La campagne en faveur de l'abolition universelle s'inscrit dans le contexte de plusieurs échéances attendues dans les prochains mois : le Congrès régional contre la peine de mort à Rabat en octobre 2012, le nouveau passage au vote de la résolution biennale de l'Assemblée générale des Nations unies appelant à l'instauration d'un moratoire universel à l'automne 2012, ainsi que le cinquième Congrès mondial contre la peine de mort à Madrid en juin 2013.

La lutte contre la peine de mort est un combat à long terme, pour lequel des progrès sont visibles chaque année dans l'ensemble des régions du monde. En vingt ans, plus de cinquante États sont devenus abolitionnistes en droit. La France rappelle son opposition déterminée et constante à la peine de mort, en tous lieux et en toutes circonstances. Elle salue le rôle de la Commission internationale contre la peine de mort, composée de personnalités de haute autorité morale, dont l'ancien garde des Sceaux M. Robert Badinter. La France exhorte enfin tous les États appliquant encore la peine de mort à observer des moratoires en vue d'une abolition définitive.

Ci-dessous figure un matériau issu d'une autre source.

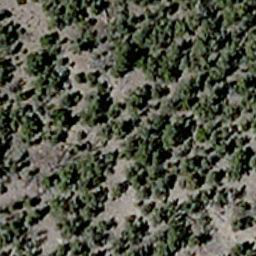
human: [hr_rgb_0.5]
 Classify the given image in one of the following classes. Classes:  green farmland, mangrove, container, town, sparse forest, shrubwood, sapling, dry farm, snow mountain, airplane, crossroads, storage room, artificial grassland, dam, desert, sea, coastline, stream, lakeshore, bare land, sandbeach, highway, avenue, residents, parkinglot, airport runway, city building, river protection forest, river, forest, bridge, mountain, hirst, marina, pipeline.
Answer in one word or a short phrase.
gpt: sparse forest
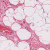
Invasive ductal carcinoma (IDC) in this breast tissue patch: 0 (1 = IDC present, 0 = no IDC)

2 - Japon - Exécution de deux détenus (27 septembre 2012)

La France exprime ses regrets quant à l'exécution survenue aujourd'hui au Japon de deux détenus, Sachiko Eto et Yukinori Matsuda.

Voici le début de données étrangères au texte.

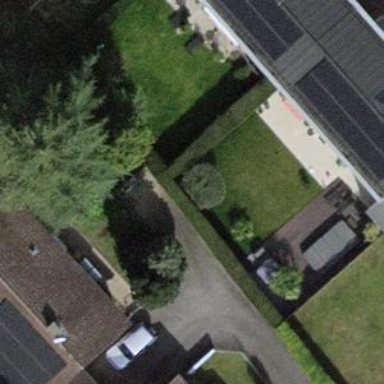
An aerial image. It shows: Garden enclosed by fence.
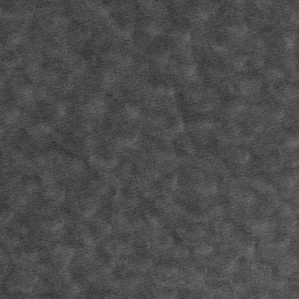
Label: frost
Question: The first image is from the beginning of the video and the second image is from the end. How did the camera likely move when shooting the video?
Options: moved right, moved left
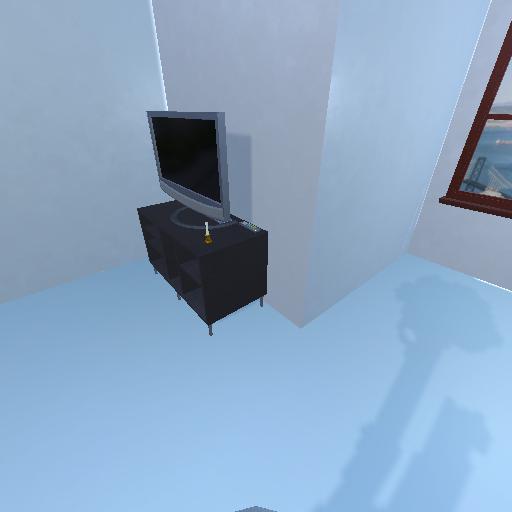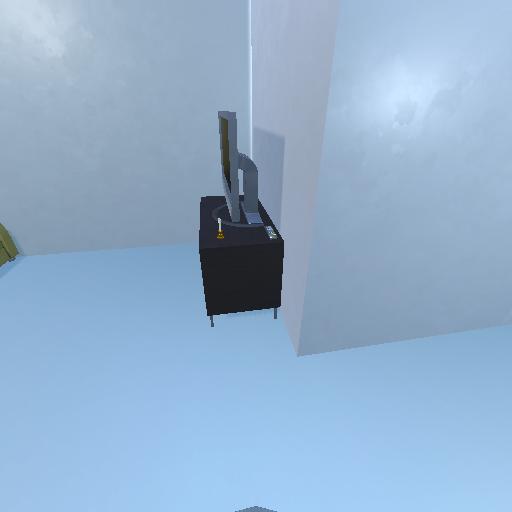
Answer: moved right

Alors que le ministre des Affaires étrangères M. Laurent Fabius s'apprête à lancer une campagne en faveur de l'abolition universelle, la France réaffirme son opposition constante à la peine de mort, en tous lieux et en toutes circonstances.

141 pays ont d'ores et déjà renoncé à l'application de la peine capitale, en droit ou en fait.

La France exhorte le Japon à rétablir le moratoire de fait observé en 2011 et à poursuivre le débat national engagé sur l'avenir de la peine de mort.

3 - Guinée Équatoriale

Q - Comment réagissez-vous à la saisine de la Cour internationale de justice par la Guinée équatoriale dans l'affaire des biens mal acquis ? Reconnaissez-vous la compétence de la CIJ dans cette affaire judiciaire ?

R - La France a pris note de la saisine de la Cour internationale de justice par les autorités équato-guinéennes.

Nous n'entendons pas commenter cette initiative à ce stade.

4 - Syrie

Q - Depuis le début de la crise syrienne, on évoque le risque de partition de la Syrie. Laurent Fabius en a reparlé en début de semaine sur une radio. Pouvez-vous nous en dire davantage ?

R - Le régime essaie de diviser les différentes composantes de la société syrienne depuis le début de la crise, pour se maintenir au pouvoir, et a fait le choix de la répression face aux demandes légitimes de son peuple. Plus la crise se prolonge, plus les risques de développement des tensions s'accroissent.

La France et la communauté internationale sont très attachées à l'intégrité et à l'unité de la Syrie.

Nous encourageons l'opposition syrienne, qui a marqué à plusieurs reprises son attachement à l'unité du peuple syrien et à l'intégrité de son territoire, à s'unir dans le respect des principes démocratiques, des droits de l'Homme et des minorités./.